Impacted Buildings for GL(2)
Malors Espinosa, Zander Karaganis
TL;DR
The paper reinterprets order zeta functions, traditionally counting ideals, through the Bruhat-Tits tree of SL(2,$K$) by introducing impacted buildings (a tree with a basin) and layer-generating functions. It proves a central theorem that the principal-ideal zeta function $\zeta_{\mathcal{O}_n}^P(s)$ equals the vertex-generated zeta $\zeta_{\mathscr{B},\mathcal{O}_n}(q^{-s})$, thereby translating arithmetic questions into combinatorial layer counts. The approach yields explicit closed forms for generating functions in the unramified, ramified, and split cases, and connects these to the known polynomials $P$ and the order zeta functions $\zeta_{\mathcal{O}_n}(s)$ from prior work, offering a unified, geometric viewpoint.
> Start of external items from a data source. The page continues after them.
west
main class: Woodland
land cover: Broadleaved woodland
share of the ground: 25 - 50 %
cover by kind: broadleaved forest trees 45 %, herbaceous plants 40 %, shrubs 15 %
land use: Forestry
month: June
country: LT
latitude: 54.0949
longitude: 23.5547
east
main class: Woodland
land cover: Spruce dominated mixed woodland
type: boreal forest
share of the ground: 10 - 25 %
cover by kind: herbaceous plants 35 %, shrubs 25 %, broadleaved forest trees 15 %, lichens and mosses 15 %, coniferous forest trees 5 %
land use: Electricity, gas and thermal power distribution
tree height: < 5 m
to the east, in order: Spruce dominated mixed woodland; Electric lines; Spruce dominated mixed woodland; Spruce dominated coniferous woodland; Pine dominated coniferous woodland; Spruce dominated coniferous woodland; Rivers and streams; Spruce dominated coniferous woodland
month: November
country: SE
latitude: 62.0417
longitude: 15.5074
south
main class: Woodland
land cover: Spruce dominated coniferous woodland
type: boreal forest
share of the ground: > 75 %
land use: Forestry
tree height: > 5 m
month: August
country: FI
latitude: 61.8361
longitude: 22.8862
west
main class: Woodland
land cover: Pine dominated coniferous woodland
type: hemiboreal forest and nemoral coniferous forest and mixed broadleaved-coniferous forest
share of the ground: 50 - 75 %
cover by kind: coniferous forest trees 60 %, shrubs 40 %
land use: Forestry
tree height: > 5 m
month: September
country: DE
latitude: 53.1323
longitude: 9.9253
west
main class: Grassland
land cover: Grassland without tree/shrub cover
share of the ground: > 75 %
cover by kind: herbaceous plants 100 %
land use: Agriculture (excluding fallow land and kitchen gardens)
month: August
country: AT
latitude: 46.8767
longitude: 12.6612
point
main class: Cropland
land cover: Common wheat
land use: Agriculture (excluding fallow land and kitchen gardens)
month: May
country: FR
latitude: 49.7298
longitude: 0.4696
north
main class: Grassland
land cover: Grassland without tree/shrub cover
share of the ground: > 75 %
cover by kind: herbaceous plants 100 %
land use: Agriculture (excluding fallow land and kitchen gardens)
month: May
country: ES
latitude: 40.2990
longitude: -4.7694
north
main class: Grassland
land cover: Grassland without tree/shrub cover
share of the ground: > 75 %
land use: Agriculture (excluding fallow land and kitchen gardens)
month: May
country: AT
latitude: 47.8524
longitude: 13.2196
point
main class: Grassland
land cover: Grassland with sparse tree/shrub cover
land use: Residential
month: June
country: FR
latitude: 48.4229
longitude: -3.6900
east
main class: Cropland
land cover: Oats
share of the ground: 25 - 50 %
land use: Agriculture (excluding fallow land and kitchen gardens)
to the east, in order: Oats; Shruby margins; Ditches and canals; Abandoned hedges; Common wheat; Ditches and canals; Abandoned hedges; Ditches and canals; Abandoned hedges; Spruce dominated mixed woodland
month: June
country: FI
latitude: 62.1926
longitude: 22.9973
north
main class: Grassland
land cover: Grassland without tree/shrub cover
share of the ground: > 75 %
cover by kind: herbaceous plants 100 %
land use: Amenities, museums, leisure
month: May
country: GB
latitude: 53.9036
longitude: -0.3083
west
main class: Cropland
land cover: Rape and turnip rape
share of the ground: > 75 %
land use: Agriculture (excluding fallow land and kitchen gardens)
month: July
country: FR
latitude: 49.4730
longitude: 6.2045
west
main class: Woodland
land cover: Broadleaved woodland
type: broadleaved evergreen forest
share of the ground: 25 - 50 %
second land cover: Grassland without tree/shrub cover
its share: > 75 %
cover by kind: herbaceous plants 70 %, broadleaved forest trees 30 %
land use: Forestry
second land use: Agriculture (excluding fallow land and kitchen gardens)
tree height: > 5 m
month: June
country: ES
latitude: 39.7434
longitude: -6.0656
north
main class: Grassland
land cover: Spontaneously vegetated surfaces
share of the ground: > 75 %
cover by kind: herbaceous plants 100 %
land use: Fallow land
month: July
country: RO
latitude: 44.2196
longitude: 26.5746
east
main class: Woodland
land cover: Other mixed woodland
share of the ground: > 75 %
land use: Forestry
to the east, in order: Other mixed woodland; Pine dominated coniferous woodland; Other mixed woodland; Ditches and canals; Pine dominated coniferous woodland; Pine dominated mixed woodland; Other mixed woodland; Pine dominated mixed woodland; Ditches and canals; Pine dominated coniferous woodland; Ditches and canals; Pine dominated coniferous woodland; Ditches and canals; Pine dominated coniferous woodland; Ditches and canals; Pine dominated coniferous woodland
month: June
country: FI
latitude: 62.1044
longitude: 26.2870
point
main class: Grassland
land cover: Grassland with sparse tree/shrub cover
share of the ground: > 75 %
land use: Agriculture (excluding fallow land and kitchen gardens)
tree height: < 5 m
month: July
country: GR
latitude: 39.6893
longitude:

This framework provides an alternative route to obtaining local factors in orbital integrals and extends the combinatorial handling of zeta functions beyond rank-2 lattices to principal ideals in Bruhat-Tits buildings, with potential applicability to broader groups and local fields.
Abstract
In this paper we define a generating function for buildings of type $\widetilde{A}_1$ (i.e. trees) that are enhanced with a certain filtration structure. We prove that this generating function recovers the zeta function of certain quadratic orders. We do this by studying how the ideals of the orders distribute in the building of $SL(2, K)$.